I am a staunch pro-choicer. I'm politically active and I support a few choice groups with financial donations and letters etc.
I have posted on these pages many times that I believe, sadly, the pro-choice movement has had to change their tune to mimic the shame based anti-choice rhetoric.
I also agree with the other posters that there is a very "anti" climate; alive people, outside of the womb, have been killed. (Even some pro-choice people believe that the movement has gotten too lefty, loud and shrill, and that we don't allow for the middle ground, which may be an oxymoron but we are hanging by our toenails in that middle ground nonetheless. I disagree vehemently that pro choicers have been too loud or pushy. We're not even close when you compare what the anti-choicers have done.)
With my umpteen posts on Salon for pro-choice, I believe that this is a good and safe forum for me and the other posters to voice our opinions and to at least attempt some discourse.
I will sign the petition.
I will read the Ms. Magazine issue and I will be very interested in the stories of these women who made the choice to abort.

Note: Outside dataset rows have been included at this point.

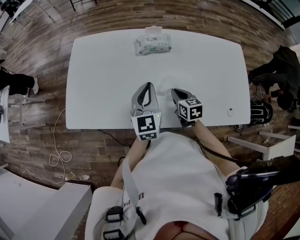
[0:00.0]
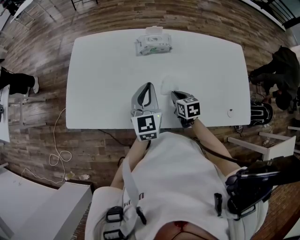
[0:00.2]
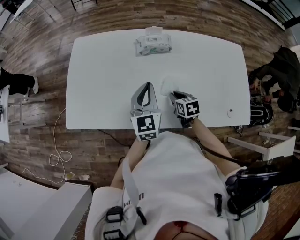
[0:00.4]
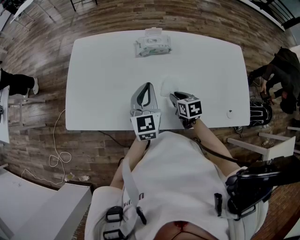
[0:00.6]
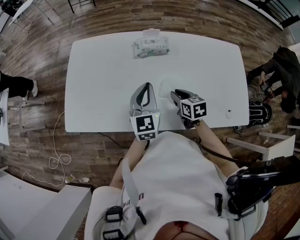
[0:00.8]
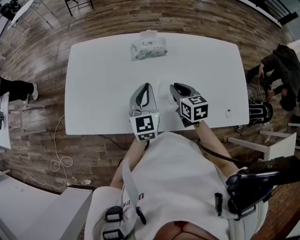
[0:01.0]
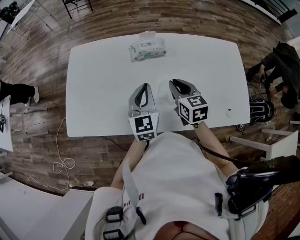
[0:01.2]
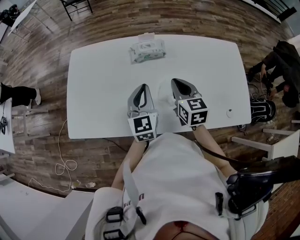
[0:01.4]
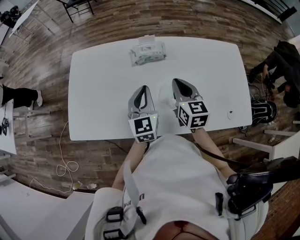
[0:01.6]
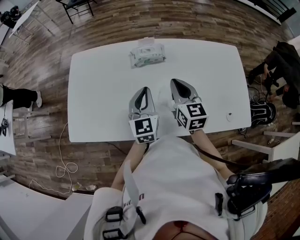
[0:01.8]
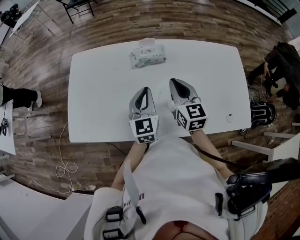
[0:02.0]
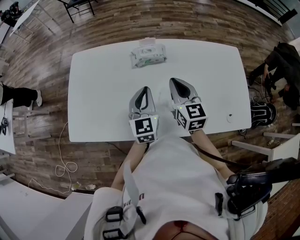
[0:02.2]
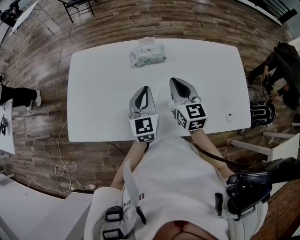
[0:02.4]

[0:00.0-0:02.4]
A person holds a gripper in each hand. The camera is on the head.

But...I would not wear a T-shirt unless I were at a pro-choice or political rally. I agonized over what bumper sticker to put on my car! I would have loved something nasty about George W. Bush but I held back. I have a gentle, "teaching" bumper sticker instead. (about animals)
I think the T-shirt partially distills the issue down to something that it is not, meaning the context isn't there. People want the narrative or they want the privacy. I applaud its simple message, but that doesn't mean I want to wear it. Just as I would never wave my viewpoint around in mixed company unless the conversation went there and then I have nothing to hide or be ashamed of. I am a person of so many convictions and complexities that that one sentence doesn't capture me and a lot of other bumper sticker-ish slogans wouldn't either.

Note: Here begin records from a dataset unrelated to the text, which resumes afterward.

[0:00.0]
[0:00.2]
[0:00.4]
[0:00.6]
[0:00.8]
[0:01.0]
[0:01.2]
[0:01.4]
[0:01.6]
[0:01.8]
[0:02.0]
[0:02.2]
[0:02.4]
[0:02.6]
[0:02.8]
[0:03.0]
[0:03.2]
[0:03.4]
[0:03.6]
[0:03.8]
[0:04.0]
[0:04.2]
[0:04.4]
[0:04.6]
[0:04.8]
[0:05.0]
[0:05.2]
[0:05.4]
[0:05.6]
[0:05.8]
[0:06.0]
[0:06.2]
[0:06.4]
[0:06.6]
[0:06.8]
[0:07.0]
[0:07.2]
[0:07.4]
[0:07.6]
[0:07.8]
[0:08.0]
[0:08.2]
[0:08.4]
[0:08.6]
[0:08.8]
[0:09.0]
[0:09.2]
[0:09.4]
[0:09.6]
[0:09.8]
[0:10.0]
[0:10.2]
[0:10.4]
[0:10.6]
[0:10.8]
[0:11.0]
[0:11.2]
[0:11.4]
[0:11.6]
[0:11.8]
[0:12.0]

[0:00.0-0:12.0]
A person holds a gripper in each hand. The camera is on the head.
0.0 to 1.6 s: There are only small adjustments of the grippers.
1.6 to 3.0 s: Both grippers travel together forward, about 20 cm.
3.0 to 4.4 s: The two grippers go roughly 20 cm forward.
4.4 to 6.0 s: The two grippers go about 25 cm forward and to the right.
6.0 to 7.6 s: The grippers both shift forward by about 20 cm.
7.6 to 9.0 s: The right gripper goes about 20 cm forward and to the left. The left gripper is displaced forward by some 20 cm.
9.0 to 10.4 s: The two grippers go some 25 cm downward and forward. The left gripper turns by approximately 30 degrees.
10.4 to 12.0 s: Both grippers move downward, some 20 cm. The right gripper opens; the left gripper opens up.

I think too, the womb is a private place; and what happens there is nobody's business. Still, in all, I will enjoy seeing these T-shirts worn by proud women. I'd stop and shake the hand of someone wearing them, but I wouldn't wear one to the grocery store. And frankly, if as Relyc intimates, we had started being brave earlier and taken back the choice movement from the anti-choicers, this might be a moot point, but we're in the sh*t now.